- TASK DETAILS:
In full and unchanged, set down the entries that follow, with no images.

- INPUT RECORDS:

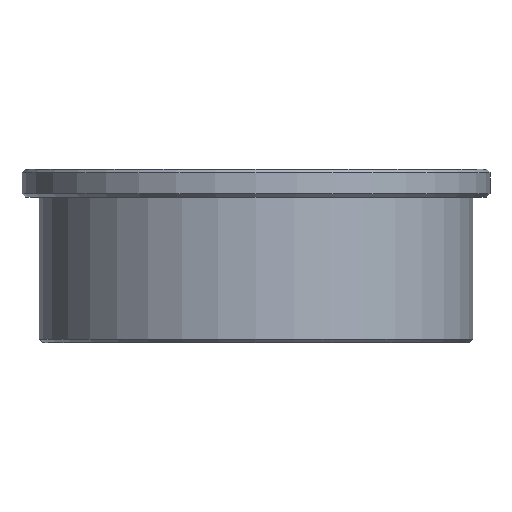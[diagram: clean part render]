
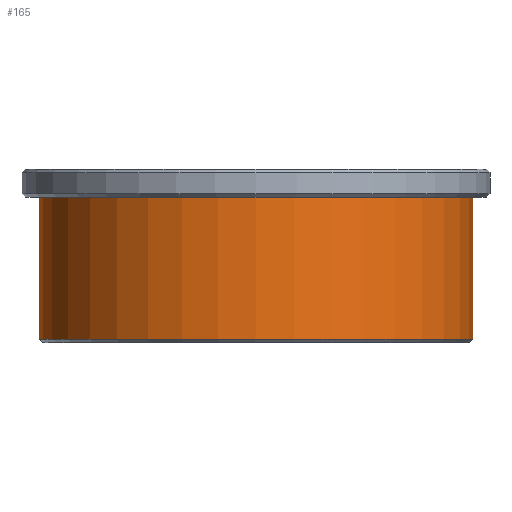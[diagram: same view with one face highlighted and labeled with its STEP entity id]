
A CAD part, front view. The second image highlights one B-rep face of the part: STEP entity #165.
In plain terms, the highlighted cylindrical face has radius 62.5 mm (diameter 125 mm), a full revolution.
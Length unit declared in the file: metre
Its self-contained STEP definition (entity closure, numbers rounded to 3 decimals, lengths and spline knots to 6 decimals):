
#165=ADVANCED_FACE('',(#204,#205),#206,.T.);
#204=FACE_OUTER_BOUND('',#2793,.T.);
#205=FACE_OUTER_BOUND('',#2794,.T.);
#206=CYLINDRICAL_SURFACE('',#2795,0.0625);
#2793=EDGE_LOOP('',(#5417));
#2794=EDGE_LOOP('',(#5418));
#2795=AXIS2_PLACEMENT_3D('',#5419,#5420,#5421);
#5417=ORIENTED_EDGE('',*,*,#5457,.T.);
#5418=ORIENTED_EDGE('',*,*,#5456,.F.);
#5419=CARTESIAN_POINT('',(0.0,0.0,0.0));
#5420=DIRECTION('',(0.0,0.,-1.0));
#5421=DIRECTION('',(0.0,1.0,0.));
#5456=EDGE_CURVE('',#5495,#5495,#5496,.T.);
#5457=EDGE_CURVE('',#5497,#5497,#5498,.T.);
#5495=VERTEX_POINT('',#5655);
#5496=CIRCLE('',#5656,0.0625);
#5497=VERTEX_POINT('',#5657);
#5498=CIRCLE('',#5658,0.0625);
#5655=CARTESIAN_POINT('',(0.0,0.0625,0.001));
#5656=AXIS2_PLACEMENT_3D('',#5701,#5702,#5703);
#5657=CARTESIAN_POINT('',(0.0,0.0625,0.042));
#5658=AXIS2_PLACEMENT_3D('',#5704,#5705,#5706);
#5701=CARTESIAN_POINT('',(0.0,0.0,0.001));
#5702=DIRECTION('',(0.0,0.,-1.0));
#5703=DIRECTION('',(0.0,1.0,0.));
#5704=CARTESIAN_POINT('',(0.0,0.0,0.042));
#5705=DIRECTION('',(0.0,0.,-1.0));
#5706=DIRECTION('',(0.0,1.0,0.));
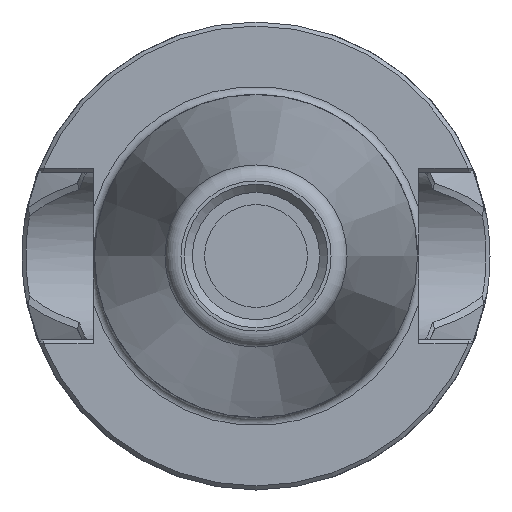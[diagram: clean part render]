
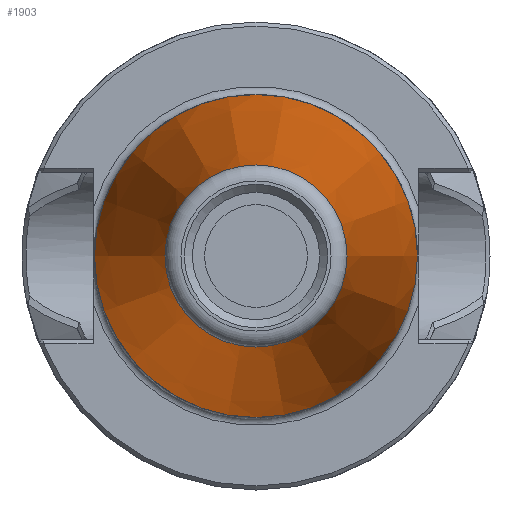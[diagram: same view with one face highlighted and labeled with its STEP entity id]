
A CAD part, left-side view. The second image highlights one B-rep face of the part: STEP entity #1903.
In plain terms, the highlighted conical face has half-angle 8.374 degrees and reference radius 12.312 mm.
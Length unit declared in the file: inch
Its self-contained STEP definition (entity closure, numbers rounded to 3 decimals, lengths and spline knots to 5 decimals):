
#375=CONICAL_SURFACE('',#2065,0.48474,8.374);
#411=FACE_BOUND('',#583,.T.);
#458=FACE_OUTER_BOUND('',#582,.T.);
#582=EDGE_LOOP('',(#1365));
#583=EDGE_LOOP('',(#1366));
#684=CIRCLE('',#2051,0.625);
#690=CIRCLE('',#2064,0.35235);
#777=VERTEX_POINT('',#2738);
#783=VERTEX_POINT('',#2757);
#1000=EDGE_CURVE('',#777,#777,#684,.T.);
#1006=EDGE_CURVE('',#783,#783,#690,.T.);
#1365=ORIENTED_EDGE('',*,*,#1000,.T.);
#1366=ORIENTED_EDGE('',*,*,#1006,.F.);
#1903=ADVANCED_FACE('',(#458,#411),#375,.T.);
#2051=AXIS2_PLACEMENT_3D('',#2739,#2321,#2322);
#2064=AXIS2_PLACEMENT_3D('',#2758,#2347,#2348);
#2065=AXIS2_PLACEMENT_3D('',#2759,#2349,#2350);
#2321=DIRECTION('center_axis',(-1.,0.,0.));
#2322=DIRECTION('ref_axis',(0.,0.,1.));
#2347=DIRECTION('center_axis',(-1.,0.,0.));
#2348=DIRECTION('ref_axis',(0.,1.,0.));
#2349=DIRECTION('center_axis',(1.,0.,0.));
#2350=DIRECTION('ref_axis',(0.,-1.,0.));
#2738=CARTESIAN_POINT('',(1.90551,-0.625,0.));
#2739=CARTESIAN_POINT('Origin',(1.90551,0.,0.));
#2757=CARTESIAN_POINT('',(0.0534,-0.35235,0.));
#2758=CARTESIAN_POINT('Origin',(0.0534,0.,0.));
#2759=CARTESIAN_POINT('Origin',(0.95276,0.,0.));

- SOLVED PROBLEM:
[diagram: clean part render]
[diagram: same view with one face highlighted and labeled with its STEP entity id]
A CAD part, front view. The second image highlights one B-rep face of the part: STEP entity #165.
In plain terms, the highlighted cylindrical face has radius 62.5 mm (diameter 125 mm), a full revolution.
Length unit declared in the file: metre
Its self-contained STEP definition (entity closure, numbers rounded to 3 decimals, lengths and spline knots to 6 decimals):
#165=ADVANCED_FACE('',(#204,#205),#206,.T.);
#204=FACE_OUTER_BOUND('',#2793,.T.);
#205=FACE_OUTER_BOUND('',#2794,.T.);
#206=CYLINDRICAL_SURFACE('',#2795,0.0625);
#2793=EDGE_LOOP('',(#5417));
#2794=EDGE_LOOP('',(#5418));
#2795=AXIS2_PLACEMENT_3D('',#5419,#5420,#5421);
#5417=ORIENTED_EDGE('',*,*,#5457,.T.);
#5418=ORIENTED_EDGE('',*,*,#5456,.F.);
#5419=CARTESIAN_POINT('',(0.0,0.0,0.0));
#5420=DIRECTION('',(0.0,0.,-1.0));
#5421=DIRECTION('',(0.0,1.0,0.));
#5456=EDGE_CURVE('',#5495,#5495,#5496,.T.);
#5457=EDGE_CURVE('',#5497,#5497,#5498,.T.);
#5495=VERTEX_POINT('',#5655);
#5496=CIRCLE('',#5656,0.0625);
#5497=VERTEX_POINT('',#5657);
#5498=CIRCLE('',#5658,0.0625);
#5655=CARTESIAN_POINT('',(0.0,0.0625,0.001));
#5656=AXIS2_PLACEMENT_3D('',#5701,#5702,#5703);
#5657=CARTESIAN_POINT('',(0.0,0.0625,0.042));
#5658=AXIS2_PLACEMENT_3D('',#5704,#5705,#5706);
#5701=CARTESIAN_POINT('',(0.0,0.0,0.001));
#5702=DIRECTION('',(0.0,0.,-1.0));
#5703=DIRECTION('',(0.0,1.0,0.));
#5704=CARTESIAN_POINT('',(0.0,0.0,0.042));
#5705=DIRECTION('',(0.0,0.,-1.0));
#5706=DIRECTION('',(0.0,1.0,0.));
[diagram: clean part render]
[diagram: same view with one face highlighted and labeled with its STEP entity id]
A CAD part, left-side view. The second image highlights one B-rep face of the part: STEP entity #1903.
In plain terms, the highlighted conical face has half-angle 8.374 degrees and reference radius 12.312 mm.
Length unit declared in the file: inch
Its self-contained STEP definition (entity closure, numbers rounded to 3 decimals, lengths and spline knots to 5 decimals):
#375=CONICAL_SURFACE('',#2065,0.48474,8.374);
#411=FACE_BOUND('',#583,.T.);
#458=FACE_OUTER_BOUND('',#582,.T.);
#582=EDGE_LOOP('',(#1365));
#583=EDGE_LOOP('',(#1366));
#684=CIRCLE('',#2051,0.625);
#690=CIRCLE('',#2064,0.35235);
#777=VERTEX_POINT('',#2738);
#783=VERTEX_POINT('',#2757);
#1000=EDGE_CURVE('',#777,#777,#684,.T.);
#1006=EDGE_CURVE('',#783,#783,#690,.T.);
#1365=ORIENTED_EDGE('',*,*,#1000,.T.);
#1366=ORIENTED_EDGE('',*,*,#1006,.F.);
#1903=ADVANCED_FACE('',(#458,#411),#375,.T.);
#2051=AXIS2_PLACEMENT_3D('',#2739,#2321,#2322);
#2064=AXIS2_PLACEMENT_3D('',#2758,#2347,#2348);
#2065=AXIS2_PLACEMENT_3D('',#2759,#2349,#2350);
#2321=DIRECTION('center_axis',(-1.,0.,0.));
#2322=DIRECTION('ref_axis',(0.,0.,1.));
#2347=DIRECTION('center_axis',(-1.,0.,0.));
#2348=DIRECTION('ref_axis',(0.,1.,0.));
#2349=DIRECTION('center_axis',(1.,0.,0.));
#2350=DIRECTION('ref_axis',(0.,-1.,0.));
#2738=CARTESIAN_POINT('',(1.90551,-0.625,0.));
#2739=CARTESIAN_POINT('Origin',(1.90551,0.,0.));
#2757=CARTESIAN_POINT('',(0.0534,-0.35235,0.));
#2758=CARTESIAN_POINT('Origin',(0.0534,0.,0.));
#2759=CARTESIAN_POINT('Origin',(0.95276,0.,0.));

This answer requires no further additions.